Ovarian cancer is an unmet medical need and particularly lethal because it is often detected only when disease is quite advanced. In 2017, approximately 22,440 women will be diagnosed with ovarian cancer in the United States, and approximately 14,080 deaths will occur. Combination platinum and anti-mitotic taxane based chemotherapy is the standard of care in the U.S., but while these treatment options are often initially efficacious, relapse and progression usually occur. There is a need for novel therapeutic approaches to treat ovarian cancer.

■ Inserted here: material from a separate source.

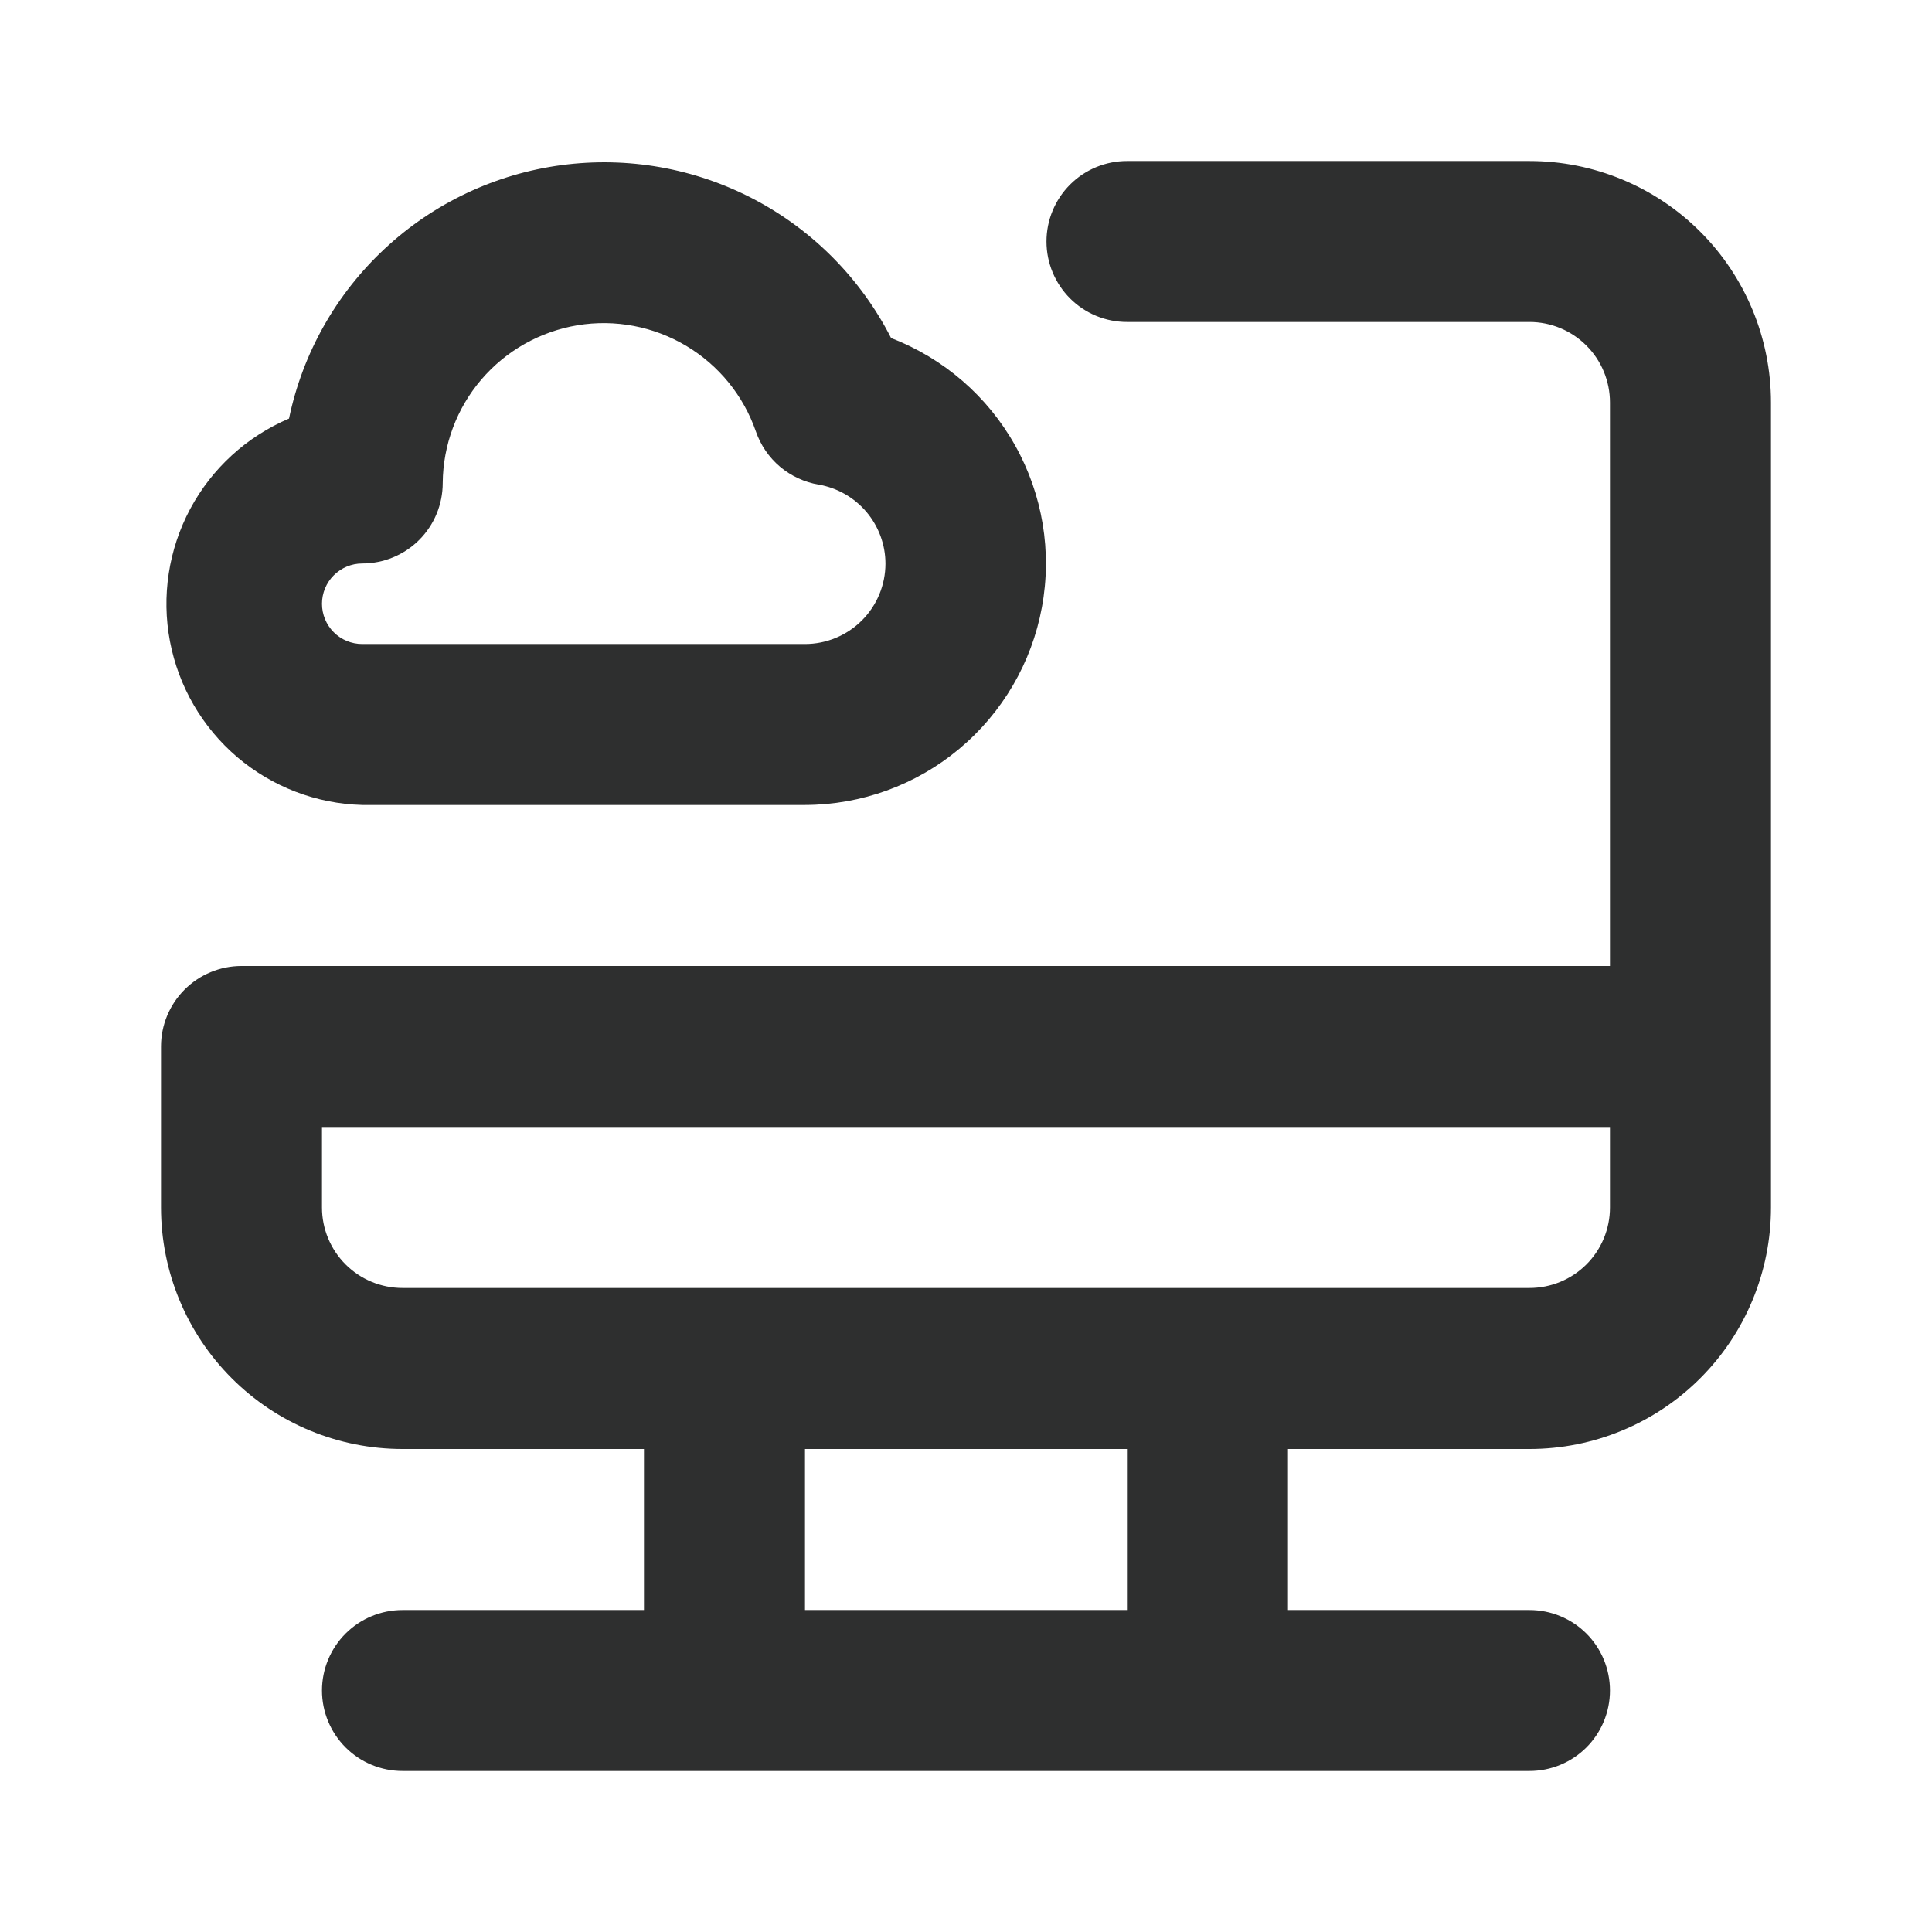 <svg width="32" height="32" viewBox="0 0 32 32" fill="none" xmlns="http://www.w3.org/2000/svg">
<path d="M6 13.333H13.333C14.267 13.331 15.17 13.003 15.886 12.405C16.603 11.807 17.088 10.977 17.257 10.059C17.427 9.141 17.27 8.193 16.814 7.379C16.358 6.564 15.631 5.935 14.76 5.6C14.258 4.616 13.464 3.812 12.486 3.299C11.509 2.786 10.396 2.589 9.301 2.735C8.206 2.881 7.184 3.364 6.376 4.116C5.567 4.868 5.012 5.852 4.787 6.933C4.086 7.231 3.509 7.759 3.15 8.43C2.792 9.101 2.673 9.875 2.815 10.622C2.957 11.37 3.35 12.046 3.929 12.54C4.509 13.033 5.239 13.313 6 13.333ZM6 9.333C6.353 9.333 6.693 9.193 6.943 8.943C7.193 8.693 7.333 8.354 7.333 8C7.338 7.371 7.564 6.764 7.973 6.286C8.382 5.808 8.946 5.49 9.567 5.387C10.188 5.285 10.824 5.406 11.365 5.728C11.905 6.05 12.314 6.552 12.52 7.147C12.598 7.373 12.736 7.575 12.919 7.73C13.102 7.884 13.323 7.987 13.56 8.027C13.868 8.08 14.148 8.24 14.351 8.479C14.553 8.718 14.665 9.02 14.666 9.333C14.666 9.687 14.526 10.026 14.276 10.276C14.026 10.526 13.687 10.667 13.333 10.667H6C5.823 10.667 5.653 10.597 5.528 10.472C5.403 10.347 5.333 10.177 5.333 10C5.333 9.823 5.403 9.654 5.528 9.529C5.653 9.404 5.823 9.333 6 9.333ZM25.333 2.667H18.666C18.313 2.667 17.974 2.807 17.724 3.057C17.474 3.307 17.333 3.646 17.333 4C17.333 4.354 17.474 4.693 17.724 4.943C17.974 5.193 18.313 5.333 18.666 5.333H25.333C25.687 5.333 26.026 5.474 26.276 5.724C26.526 5.974 26.666 6.313 26.666 6.667V16H4C3.646 16 3.307 16.141 3.057 16.391C2.807 16.641 2.667 16.98 2.667 17.333V20C2.667 21.061 3.088 22.078 3.838 22.828C4.588 23.579 5.606 24 6.667 24H10.666V26.667H6.667C6.313 26.667 5.974 26.807 5.724 27.057C5.474 27.307 5.333 27.646 5.333 28C5.333 28.354 5.474 28.693 5.724 28.943C5.974 29.193 6.313 29.333 6.667 29.333H25.333C25.687 29.333 26.026 29.193 26.276 28.943C26.526 28.693 26.666 28.354 26.666 28C26.666 27.646 26.526 27.307 26.276 27.057C26.026 26.807 25.687 26.667 25.333 26.667H21.333V24H25.333C26.394 24 27.412 23.579 28.162 22.828C28.912 22.078 29.333 21.061 29.333 20V6.667C29.333 5.606 28.912 4.588 28.162 3.838C27.412 3.088 26.394 2.667 25.333 2.667ZM18.666 26.667H13.333V24H18.666V26.667ZM26.666 20C26.666 20.354 26.526 20.693 26.276 20.943C26.026 21.193 25.687 21.333 25.333 21.333H6.667C6.313 21.333 5.974 21.193 5.724 20.943C5.474 20.693 5.333 20.354 5.333 20V18.667H26.666V20Z" fill="#2E2F2F"/>
</svg>

Based on the recent successes of harnessing the immune system to treat other cancers, drug discovery scientists have explored immunotherapy approaches in ovarian cancer. There are currently upwards of 50 clinical trials testing immunotherapy approaches and combinations in ovarian cancer; however, there are a limited number of syngeneic mouse ovarian cancer models available to enable preclinical pharmacology. Labcorp has developed the ID8 syngeneic mouse cell line model for testing standard therapeutics as well as for immuno-oncology applications. ID8 was derived from C57BL/6 mouse ovarian surface epithelial cells that were transformed by serial passage in vitro.1 Luciferase was expressed in the ID8 cells (ID8-Luc-mCherry-Puro) to enable monitoring of orthotopic (intraperitoneal) tumor growth by bioluminescence imaging (BLI).
The mean tumor growth kinetics (Figure 1A) and individual growth kinetics (Figure 1B) of ID8-Luc-mCh-Puro as monitored by BLI are illustrated. The implantation of 1.0×107 cells per mouse yielded more consistent tumor growth than 5.0×106 cells per mouse in C57BL/6 albino mice. As expected, the signal (photons/sec) is higher in the C57BL/6 albino mice (green line, Figure 1B, group 2) than wild type C57BL/6 mice (red line, Figure 1B) due to a lack of melanin pigment in their skin which absorbs light output from the tumor cells. Representative BLI images of ID8-Luc-mCh-Puro orthotopic disease progression are shown in Figure 1C.